Taking advantage of the results you derived above (all of which have straightforward multivariate analogs), 
1. What is the form of prior, $p(a,b|\alpha)$, that makes this problem conjugate? (Here $\alpha$ is a stand-in for whatever parameters determine the prior.)
2. What are the form and parameters of the posterior, $p(a,b|x,y,\Sigma,\alpha)$?
3. Verify that you recover the WLS solution in the limit of the prior being uniform over the $(a,b)$ plane.

> 1.

> 2. 

> 3. 

Below, we will explicitly show the correspondance in (3) for a WLS fit of some mock data.

In [None]:
# generate some fake data
a = 0.0
b = 1.0
n = 10
x = st.norm.rvs(size=n)
sigma = st.uniform.rvs(1.0, 2.0, size=n)
y = st.norm.rvs(loc=a+b*x, scale=sigma, size=n)

plt.rcParams['figure.figsize'] = (7.0, 5.0)
plt.errorbar(x, y, yerr=sigma, fmt='bo');
plt.xlabel('x');
plt.ylabel('y');

The next cell uses the `statsmodels` package to perform the WLS calculations. You are encouraged to implement the matrix algebra above to verify the results. What we get at the end are $\mu_\beta$ and $\Sigma_\beta$, as defined above.

In [None]:
import statsmodels.api as sm

model = sm.WLS(y, sm.add_constant(x), weights=sigma**-2)
wls = model.fit()
mu_beta = np.matrix(wls.params).T # cast as a column vector
Sigma_beta = np.asmatrix(wls.normalized_cov_params)

Now, compute the parameters of the posterior for $\beta$ based on $\mu_\beta$ and $\Sigma_\beta$ (parameters that appear in the sampling distribution) and the parameters of the conjugate prior. Set the prior parameters to be equivalent to the uniform distribution for the check below (you can put in something different to see how it looks later).

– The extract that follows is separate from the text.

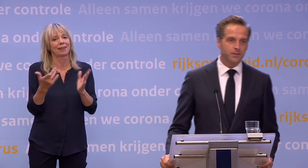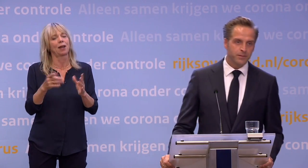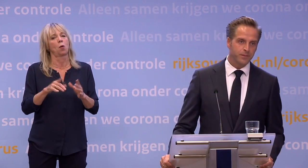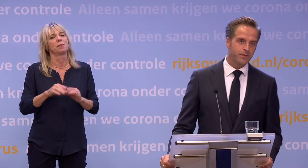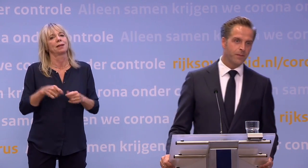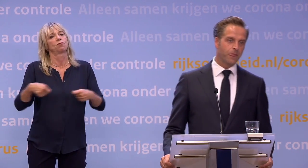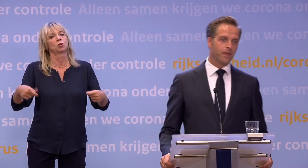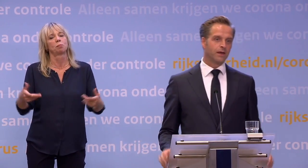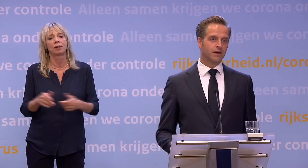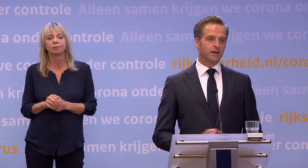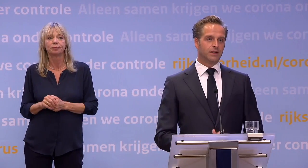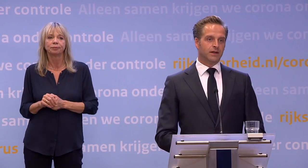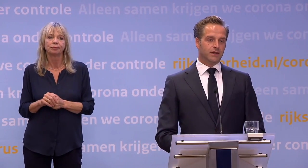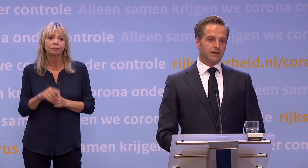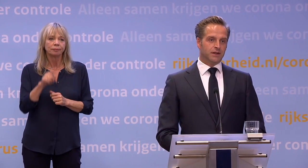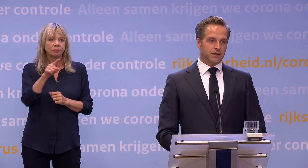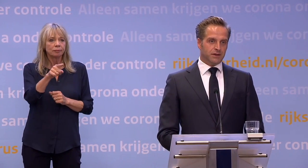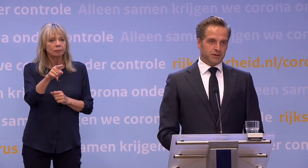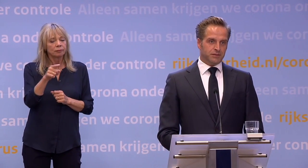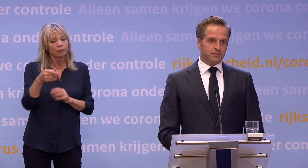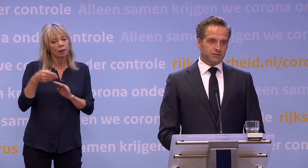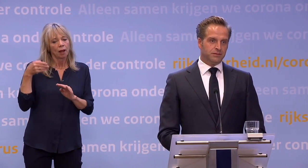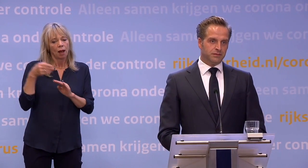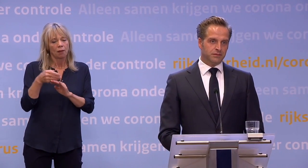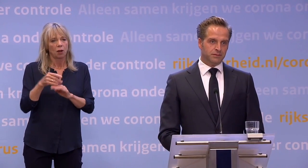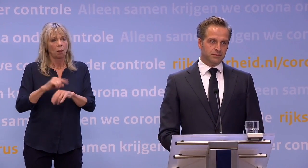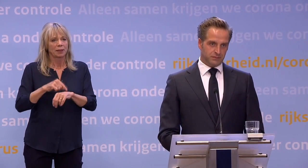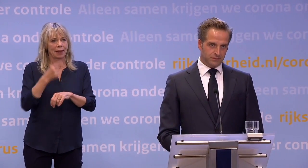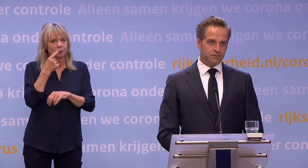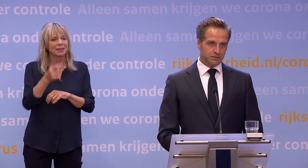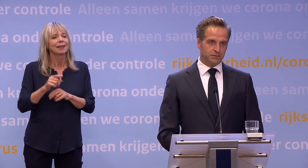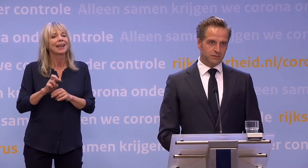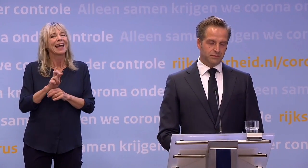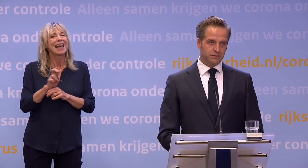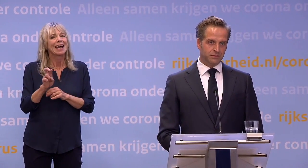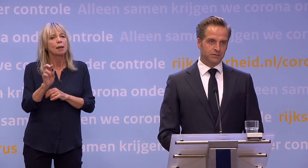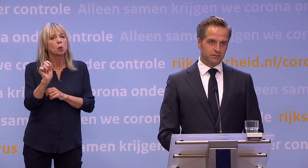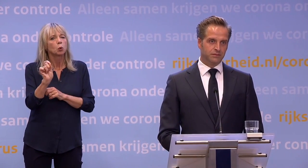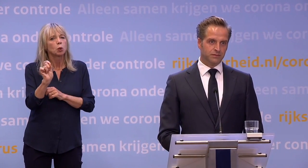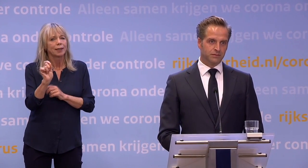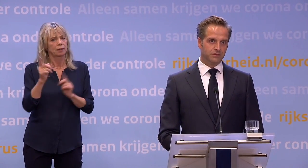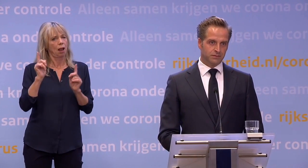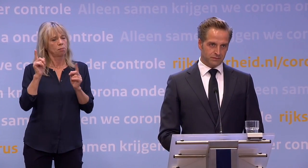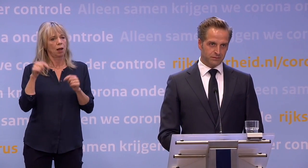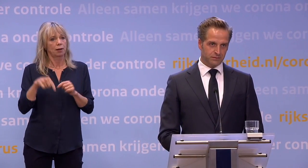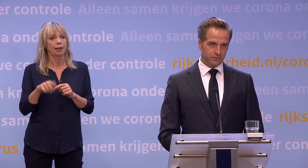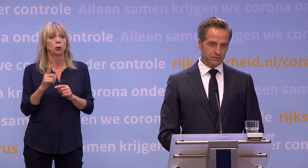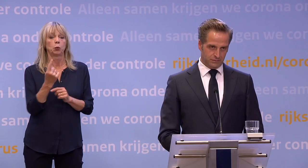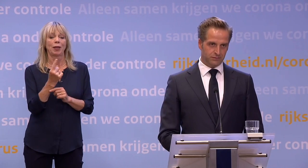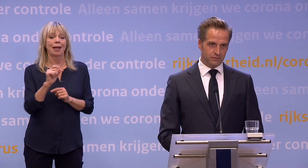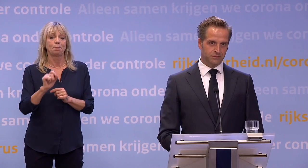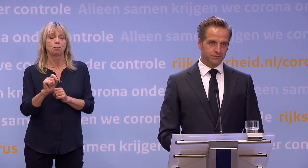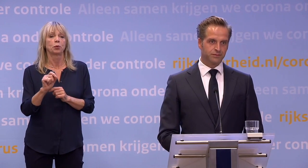heeft hier de afgelopen tijd allebei best wel vaak gezegd... ...hoe belangrijk dat reproductiegetal is, hè, om dat onder de één te houden. Nu staat het op 1,05.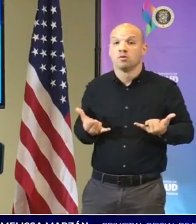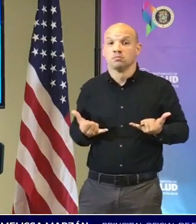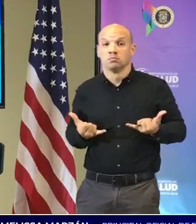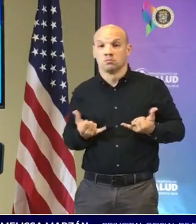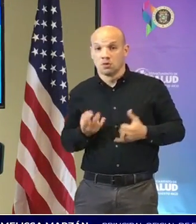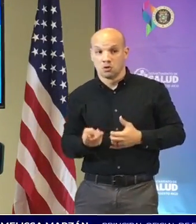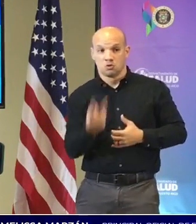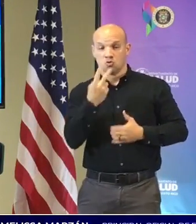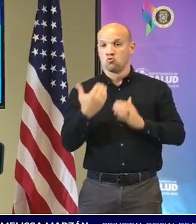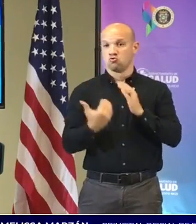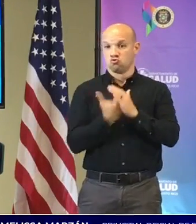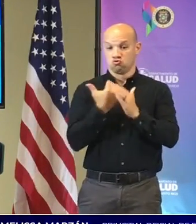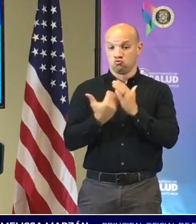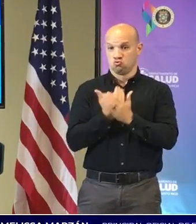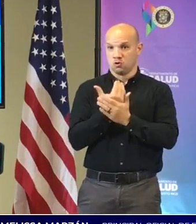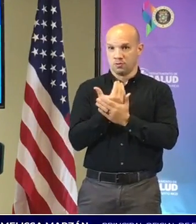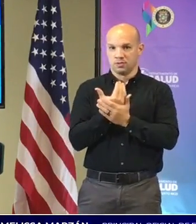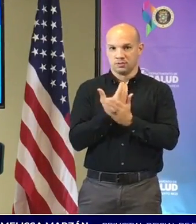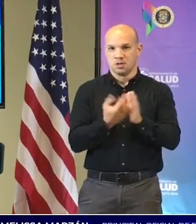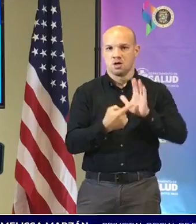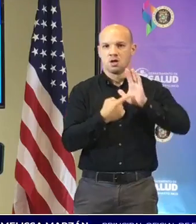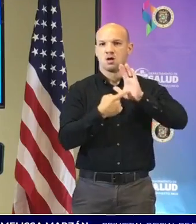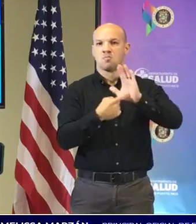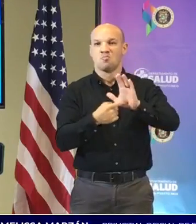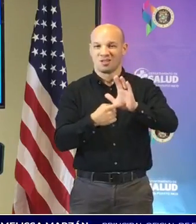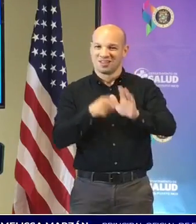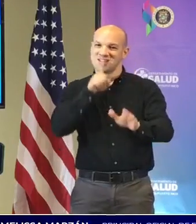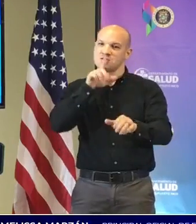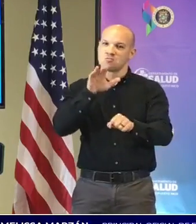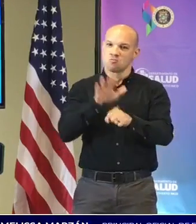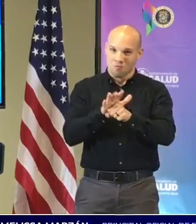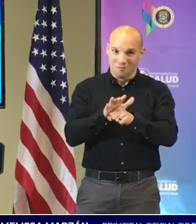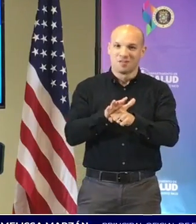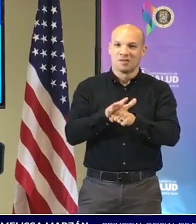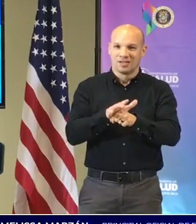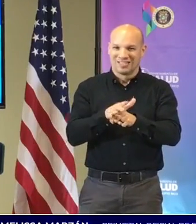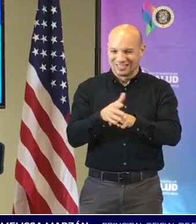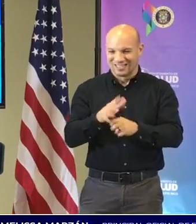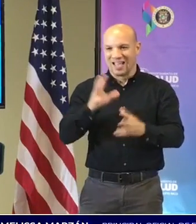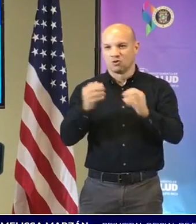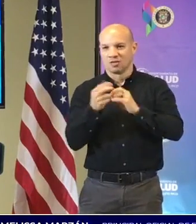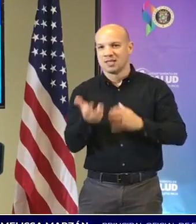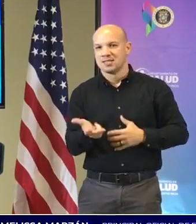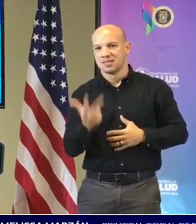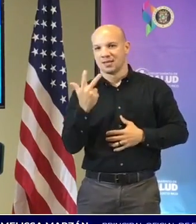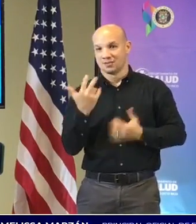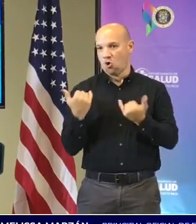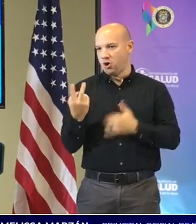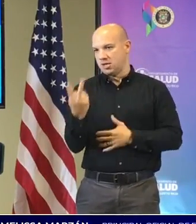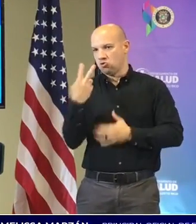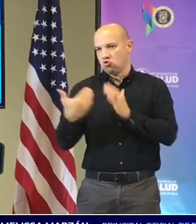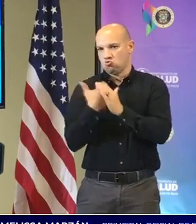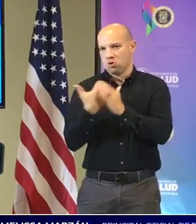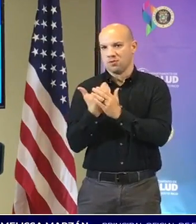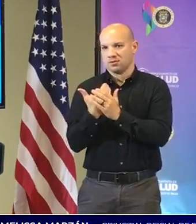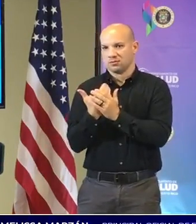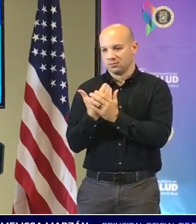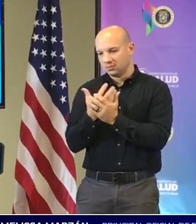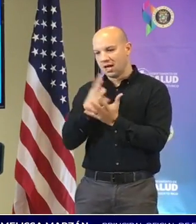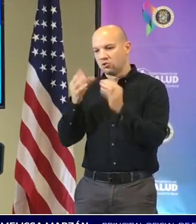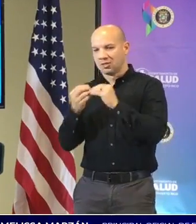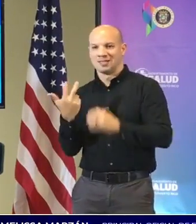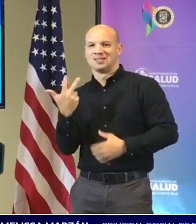muestras confirmadas para Omicron para un total de tres casos confirmados de Omicron en Puerto Rico las dos

Transform `post_mean` to a shape (3,) numpy array for convenience (as opposed to, say, a 3x1 matrix).

In [None]:
TBC()

# define prior parameters

# do some calculations, possibly

# parameters of the posterior:
# post_cov = ...
# post_mean = ...

Compare the WLS and posterior parameters (they should be identical for a uniform prior):

In [None]:
print('WLS mean and covariance:')
print(mu_beta)
print(Sigma_beta)

In [None]:
print('Posterior mean and covariance:')
print(post_mean)
print(post_cov)

Below, we can compare your analytic solution to a brute-force calculation of the posterior:

In [None]:
def log_post_brute(a, b):
    like = np.sum( st.norm.logpdf(y, loc=a+b*x, scale=sigma) )
    prior = st.multivariate_normal.logpdf([a,b], mean=np.asarray(prior_mean)[:,0], cov=prior_cov)
    return prior + like

print('Difference between elegant and brute-force log posteriors for some random parameter values:')
print('(The third column should be basically constant, though non-zero.)\n')
for i in range(10):
    a = np.random.rand() * 10.0 - 5.0
    b = np.random.rand() * 10.0 - 5.0
    diff = st.multivariate_normal.logpdf([a,b], mean=post_mean, cov=post_cov) - log_post_brute(a,b)
    print([a, b, diff])

#### Endnotes

1. In statistics literature, a more common convention is $p(x|\mu,\sigma^2)$, with the second parameter being the variance rather than the standard deviation; this is then consistent with the multivariate Gaussian notation in which the second parameter is the covariance matrix. However, most code implementations of the univariate normal distribution take the standard deviation as an argument rather than the variance, so we'll stick with that notation.